Что это меня вдруг на рацеи потянуло. Нечего и разводить уже теперь,
бессмысленно и бесполезно. Русская история окончена. Нового, во всяком
случае, ничего больше не предвидится. Да и сил уж нет у народа на наши
затеи. Жаль только, что не на том их истощили, на чем хотелось бы. Культуру
надо было возделывать, а не государство расширять до бесконечности. Что
было проку с этого дальнейшего приращения, когда даже вот этого бульвара
уже хватало для онегинских прогулок. А взгромоздившись на того вон
мраморного льва, можно было поразмышлять спокойно вволю о Петре и судьбе
его дела. В конце концов, столицы, государства и империи существуют,
конечно же, не "на самом деле", а только лишь в умах людей. Поэтому и смысл
их существования заключается в одних только культурных влияниях. Как бы там
ни было, вряд ли еще чего-то можно ждать от нашего просторного Отечества.

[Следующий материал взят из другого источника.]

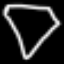
Label: diamond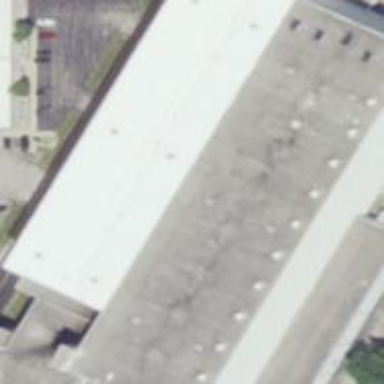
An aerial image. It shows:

Как это ни печально. Странно, что же, так и не нашли виновников нашей
катастрофы? Конечно, это заговор масонский замутил всю воду. Не приведи вам
Бог увидеть еврейский Bund, бессмысленный и беспощадный!
У них у многих немецкие фамилии. Осип Миндальный Ствол. Вот зачем наша
Империя понадобилась. На Мандельштаме это видно превосходно. Сын
варшавского торговца кожей, изъяснявшегося на немыслимом наречии, не то
польскоеврейском, не то немецко-еврейском, он свободно и естественно
освоился в русской культуре, незыблемо господствовавшей во всей Империи,
куда входила тогда и Польша. Эта культура дала ему язык, один из величайших
и выразительнейших европейских языков. Об этом языке Гоголь, тоже, кстати,
родившийся далеко не в Москве, и тоже не русский, высказывался совершенно
однозначно, что именно он, язык Пушкина, "единая святыня", должен стать для
русских, чехов, сербов, украинцев и всех других родных народов тем же, чем
является христианство для всех христиан - католиков, лютеран или
гернгутеров. Через русскую культуру, теперь, после Пушкина, можно было
воспринять и всякую другую; все самое трудное, то, что было под силу лишь
его всестороннему гению, было им уже совершено, культурная жизнь России
вошла в общеевропейскую колею. Пушкин сумел впитать и усвоить лучшие плоды
многовековой творческой работы Запада, после этого, чтобы теперь на равных
участвовать в европейской культурной жизни, можно и достаточно было
кормиться уже только его собственными достижениями. Ни Мицкевич, ни
Шевченко, как основатели, не смогли этого сделать для своих литератур.